▶ **Supplied records**:
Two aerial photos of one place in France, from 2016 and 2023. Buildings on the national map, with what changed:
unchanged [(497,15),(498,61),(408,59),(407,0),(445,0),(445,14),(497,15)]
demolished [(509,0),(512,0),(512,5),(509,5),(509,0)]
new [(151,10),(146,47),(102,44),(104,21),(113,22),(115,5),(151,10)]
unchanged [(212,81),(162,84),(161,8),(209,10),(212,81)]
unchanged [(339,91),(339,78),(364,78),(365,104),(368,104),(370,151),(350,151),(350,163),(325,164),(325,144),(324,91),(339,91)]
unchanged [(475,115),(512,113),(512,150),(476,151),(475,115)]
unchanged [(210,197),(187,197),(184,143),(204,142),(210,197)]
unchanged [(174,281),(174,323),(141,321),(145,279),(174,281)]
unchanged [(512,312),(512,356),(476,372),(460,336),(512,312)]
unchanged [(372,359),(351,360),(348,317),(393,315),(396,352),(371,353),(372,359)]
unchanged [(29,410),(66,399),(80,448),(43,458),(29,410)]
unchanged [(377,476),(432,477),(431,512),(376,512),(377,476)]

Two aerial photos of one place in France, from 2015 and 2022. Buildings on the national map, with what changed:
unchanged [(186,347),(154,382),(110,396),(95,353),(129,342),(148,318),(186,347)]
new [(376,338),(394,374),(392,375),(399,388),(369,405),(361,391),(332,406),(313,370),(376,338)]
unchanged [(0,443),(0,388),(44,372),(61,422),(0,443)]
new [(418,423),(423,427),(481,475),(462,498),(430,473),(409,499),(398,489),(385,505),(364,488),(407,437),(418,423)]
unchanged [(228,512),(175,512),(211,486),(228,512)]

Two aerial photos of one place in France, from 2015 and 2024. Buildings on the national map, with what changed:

▶ **What to work on**:
Reproduce the entries above exactly.

▶ **Solution below**:
Two aerial photos of one place in France, from 2016 and 2023. Buildings on the national map, with what changed:
unchanged [(497,15),(498,61),(408,59),(407,0),(445,0),(445,14),(497,15)]
demolished [(509,0),(512,0),(512,5),(509,5),(509,0)]
new [(151,10),(146,47),(102,44),(104,21),(113,22),(115,5),(151,10)]
unchanged [(212,81),(162,84),(161,8),(209,10),(212,81)]
unchanged [(339,91),(339,78),(364,78),(365,104),(368,104),(370,151),(350,151),(350,163),(325,164),(325,144),(324,91),(339,91)]
unchanged [(475,115),(512,113),(512,150),(476,151),(475,115)]
unchanged [(210,197),(187,197),(184,143),(204,142),(210,197)]
unchanged [(174,281),(174,323),(141,321),(145,279),(174,281)]
unchanged [(512,312),(512,356),(476,372),(460,336),(512,312)]
unchanged [(372,359),(351,360),(348,317),(393,315),(396,352),(371,353),(372,359)]
unchanged [(29,410),(66,399),(80,448),(43,458),(29,410)]
unchanged [(377,476),(432,477),(431,512),(376,512),(377,476)]

Two aerial photos of one place in France, from 2015 and 2022. Buildings on the national map, with what changed:
unchanged [(186,347),(154,382),(110,396),(95,353),(129,342),(148,318),(186,347)]
new [(376,338),(394,374),(392,375),(399,388),(369,405),(361,391),(332,406),(313,370),(376,338)]
unchanged [(0,443),(0,388),(44,372),(61,422),(0,443)]
new [(418,423),(423,427),(481,475),(462,498),(430,473),(409,499),(398,489),(385,505),(364,488),(407,437),(418,423)]
unchanged [(228,512),(175,512),(211,486),(228,512)]

Two aerial photos of one place in France, from 2015 and 2024. Buildings on the national map, with what changed:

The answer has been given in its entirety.